В марте девяносто пятого произошло то, что в любой другой стране было бы новостью года, а в этой уложилось в три газетных дня. У подъезда своего дома, возвращаясь с работы, был застрелен один человек, — не бизнесмен, не банкир, не депутат, а ведущий программы на Первом канале, — и в этом убийстве была такая отчётливая, почти лабораторная образцовость, какую редко встретишь в жизни и часто — в учебниках по политэкономии. Убили не за деньги, которые у него, безусловно, были. Убили не из ревности, — хотя ревновать было за что. Убили за то, что он встал поперёк больших потоков, и потоки решили вопрос тем единственным способом, каким вопросы в ту эпоху и решались: быстро, коротко, в подъезде, в девять вечера, на глазах у жены. После той весны всякий, кто жил в шоу-бизнесе, получил ясный и недвусмысленный сигнал: правила, которые раньше казались правилами игры, оказались правилами войны, и единственное отличие состояло в том, что на войне объявляют, а в этой игре — нет.
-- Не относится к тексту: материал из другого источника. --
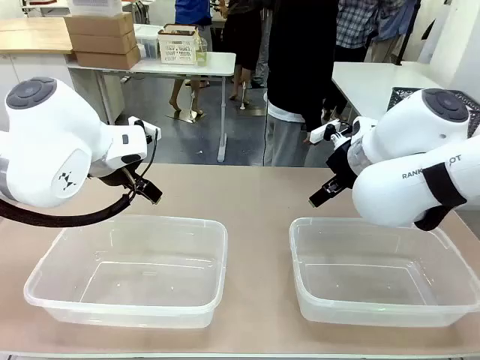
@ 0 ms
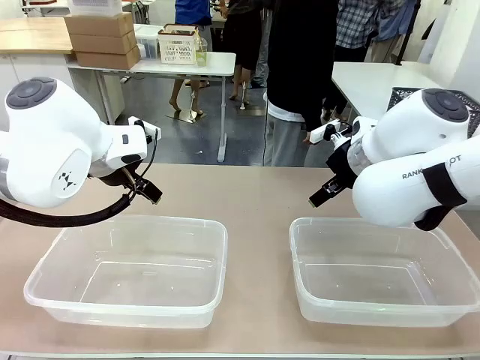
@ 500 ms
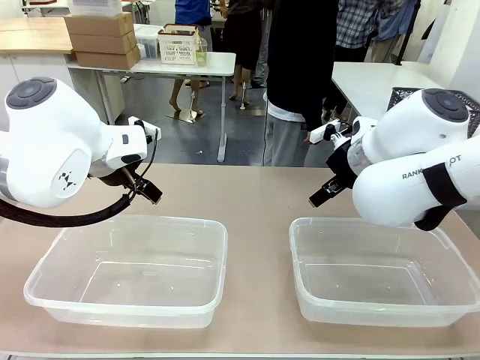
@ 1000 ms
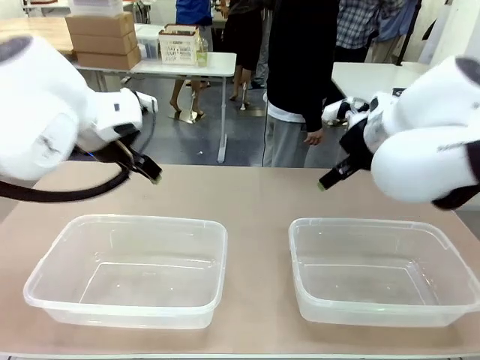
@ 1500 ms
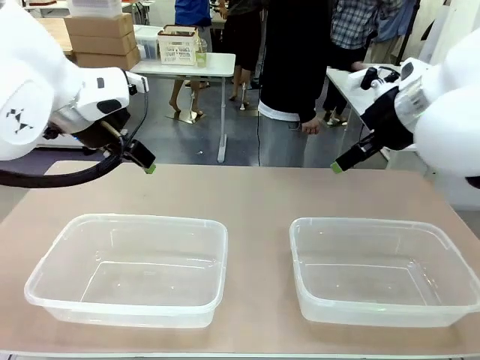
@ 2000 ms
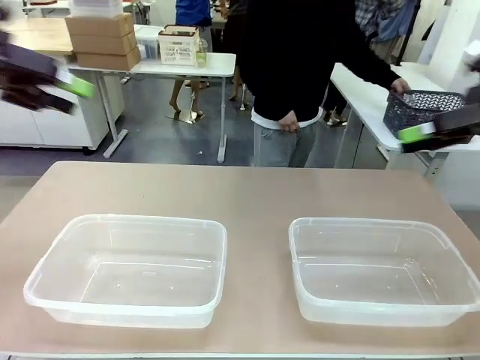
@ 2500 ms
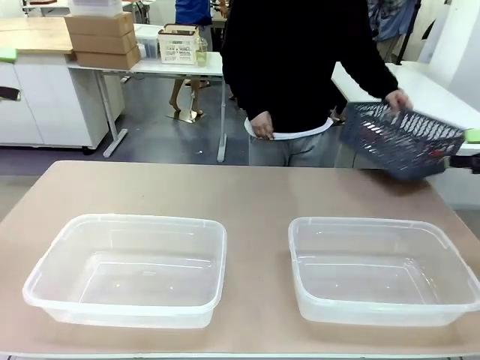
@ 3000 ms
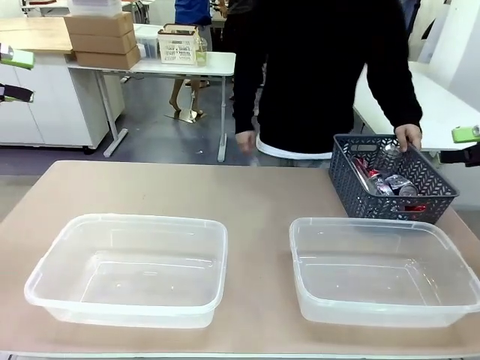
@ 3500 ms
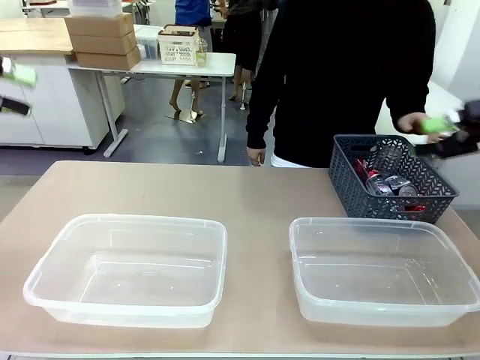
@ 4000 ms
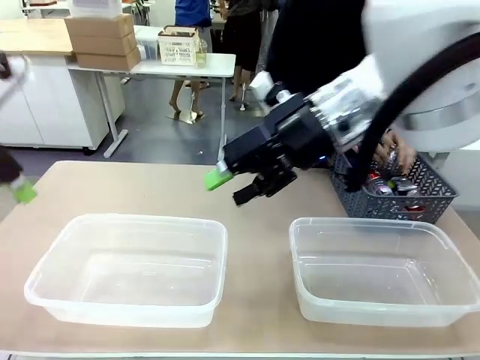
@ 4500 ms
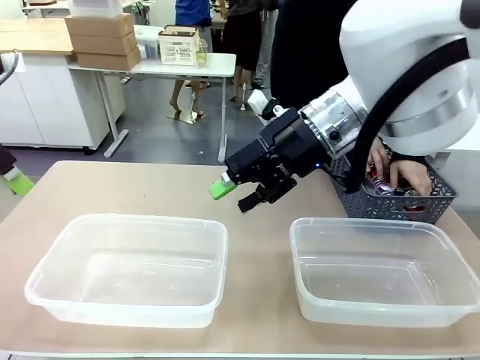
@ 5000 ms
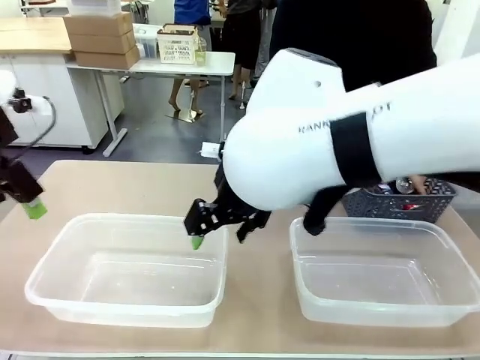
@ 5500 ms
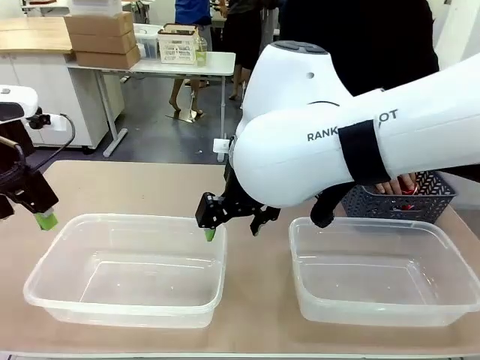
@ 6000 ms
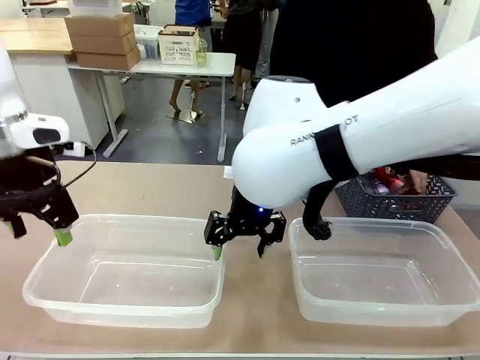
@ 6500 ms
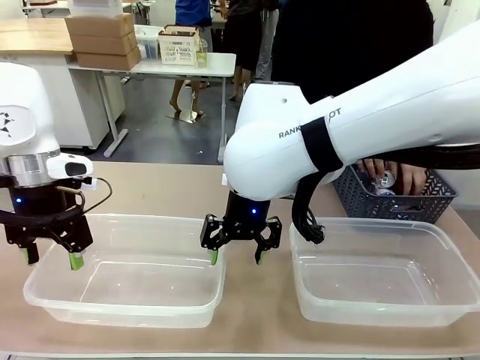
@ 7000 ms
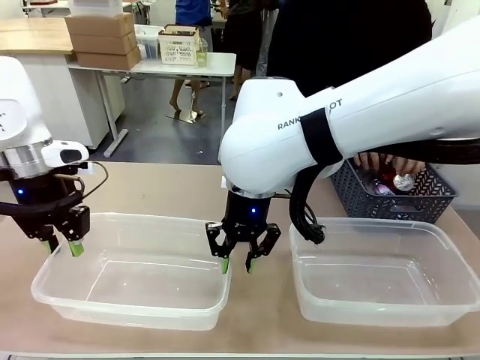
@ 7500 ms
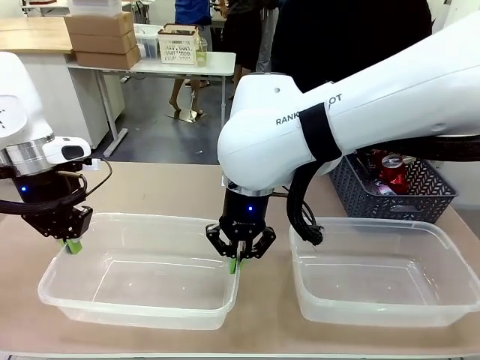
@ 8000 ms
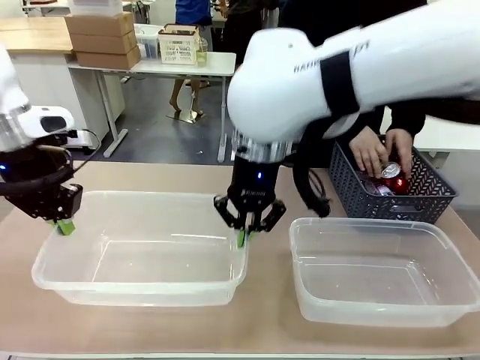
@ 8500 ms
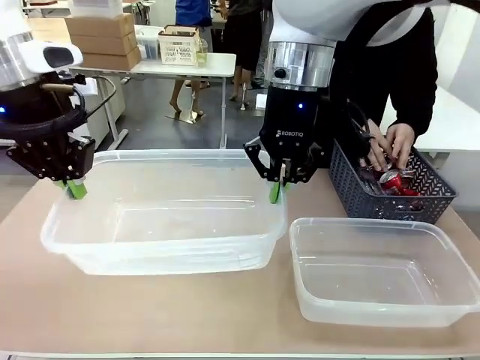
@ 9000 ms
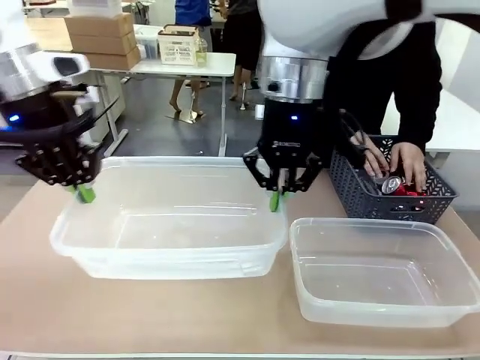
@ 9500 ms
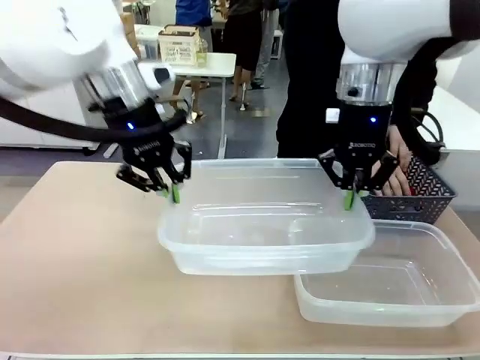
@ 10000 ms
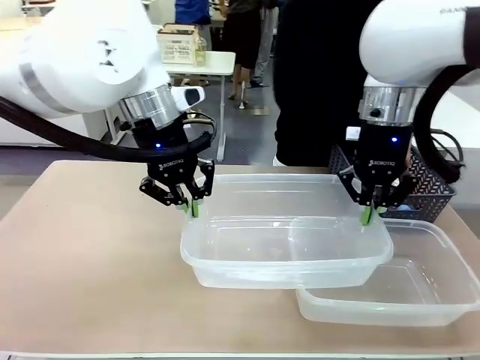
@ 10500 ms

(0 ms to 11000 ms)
Robot: Pick up the Organizing box on the left side of the table and lift it.
Person: Pick up the storage basket and place it on the left side of the robot table. Pick up can-shaped waste one by one and place it into the organizing box lifted by the robot.

А попса продолжала петь. Пела громче, шумнее, ярче, — потому что громко поющему, во-первых, веселее, а во-вторых, его труднее расслышать, — а в те годы многое приходилось не слышать, чтобы выжить.
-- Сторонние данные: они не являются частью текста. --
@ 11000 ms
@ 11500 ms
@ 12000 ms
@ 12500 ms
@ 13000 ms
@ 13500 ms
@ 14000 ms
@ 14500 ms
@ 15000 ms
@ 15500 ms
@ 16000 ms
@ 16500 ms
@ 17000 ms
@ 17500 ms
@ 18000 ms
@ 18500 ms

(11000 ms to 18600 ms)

К весне девяносто шестого страна подошла в странном состоянии — как подходит к первой седой пряди сорокалетняя красавица: вроде бы всё ещё при мне, а всё уже не то. Президент, который эту страну три года подряд спасал от того, от чего она его первая же и просила спасать, сам держался на рейтинге в три процента, — остальные девяносто семь в разных долях принадлежали нескольким соперникам, каждый из которых по-своему обещал вернуть то, что уже невозможно было вернуть. Но президента было решено спасти, — и спасти за счёт тех, у кого к тому моменту были деньги, телевизор и желание сохранить за собой и то, и другое. Сверху на страну посыпались плакаты с одним коротким лозунгом, который рифмовался с «потеряешь», и под этот лозунг, — как в своё время под «Интернационал», — мобилизовался весь тот мир, о котором мы и собираемся рассказать: продюсеры, артисты, журналисты, диджеи, директора концертных залов, хозяева ночных клубов, — все они вдруг оказались частью одного большого гастрольного тура, смысла которого никто вслух не произносил, потому что смысл был очевиден всем: проигравший теряет не выборы — проигравший теряет свой бизнес, свой эфир, своего зрителя и своё место на той самой сцене, ради которой всё это и затевалось.